[Data entries]
──────────────────────────────
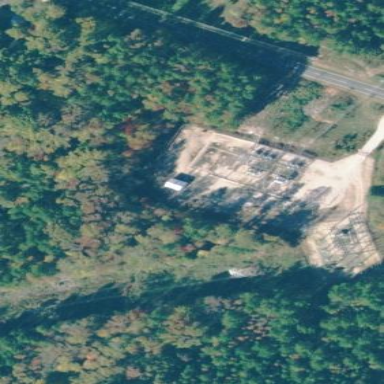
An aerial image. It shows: Distribution substation surrounded by fence.
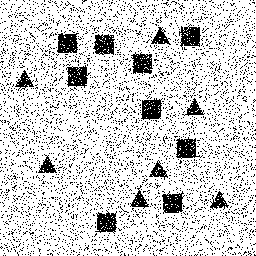
Squares: 9
Triangles: 7
Stars: 0
Total shapes: 16
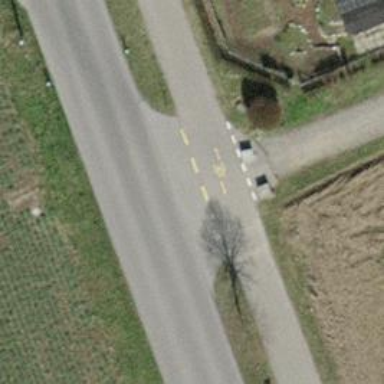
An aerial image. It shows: Block barrier.
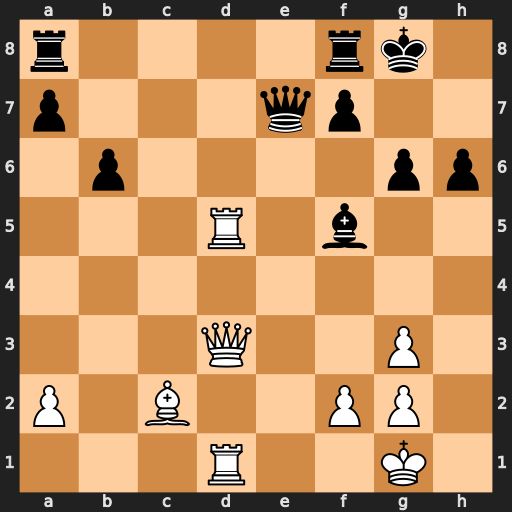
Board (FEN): r4rk1/p3qp2/1p4pp/3R1b2/8/3Q2P1/P1B2PP1/3R2K1
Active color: w
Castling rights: -
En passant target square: -
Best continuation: Rxf5 Rad8 Rd5 Rxd5 Qxd5
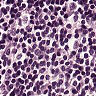
Metastatic tissue present: no
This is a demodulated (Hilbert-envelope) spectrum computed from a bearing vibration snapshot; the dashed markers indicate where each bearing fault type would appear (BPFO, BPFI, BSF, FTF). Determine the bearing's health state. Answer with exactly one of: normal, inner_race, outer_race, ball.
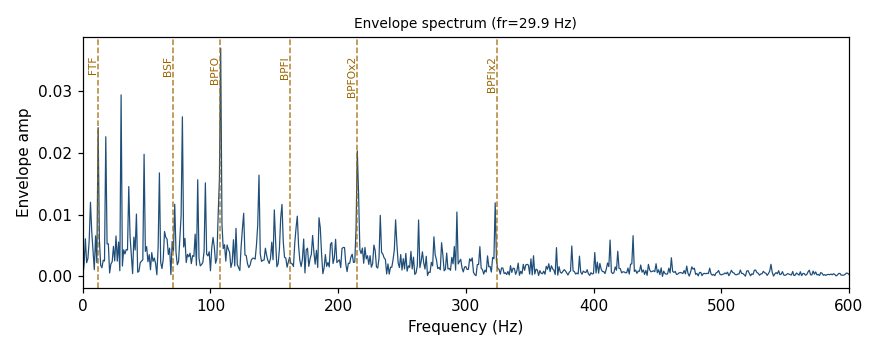
Answer: outer_race
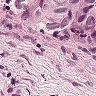
Metastatic tissue present: yes
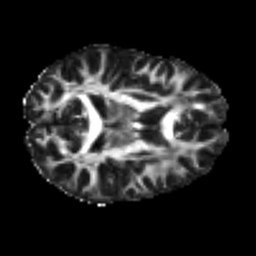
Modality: FA
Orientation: axial
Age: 27
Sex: female
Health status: ill
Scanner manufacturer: siemens
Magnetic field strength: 3 T
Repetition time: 6.5 s
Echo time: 0.062 s
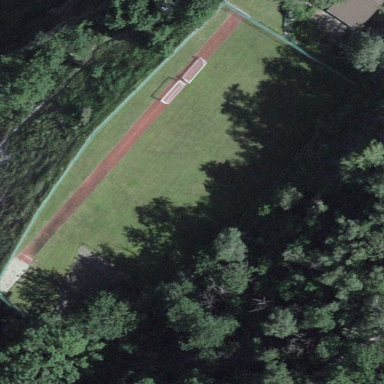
──────────────────────────────
** ABOUT THIS EXERCISE **
Beginning with the line that contains "Best continuation: Rxf5 Rad8 Rd5 Rxd5 Qxd5", print exactly every line through the end of the records, both included. Omit the pictures.

** WORKED SOLUTION **
Best continuation: Rxf5 Rad8 Rd5 Rxd5 Qxd5
Metastatic tissue present: no
This is a demodulated (Hilbert-envelope) spectrum computed from a bearing vibration snapshot; the dashed markers indicate where each bearing fault type would appear (BPFO, BPFI, BSF, FTF). Determine the bearing's health state. Answer with exactly one of: normal, inner_race, outer_race, ball.
Answer: outer_race
Metastatic tissue present: yes
Modality: FA
Orientation: axial
Age: 27
Sex: female
Health status: ill
Scanner manufacturer: siemens
Magnetic field strength: 3 T
Repetition time: 6.5 s
Echo time: 0.062 s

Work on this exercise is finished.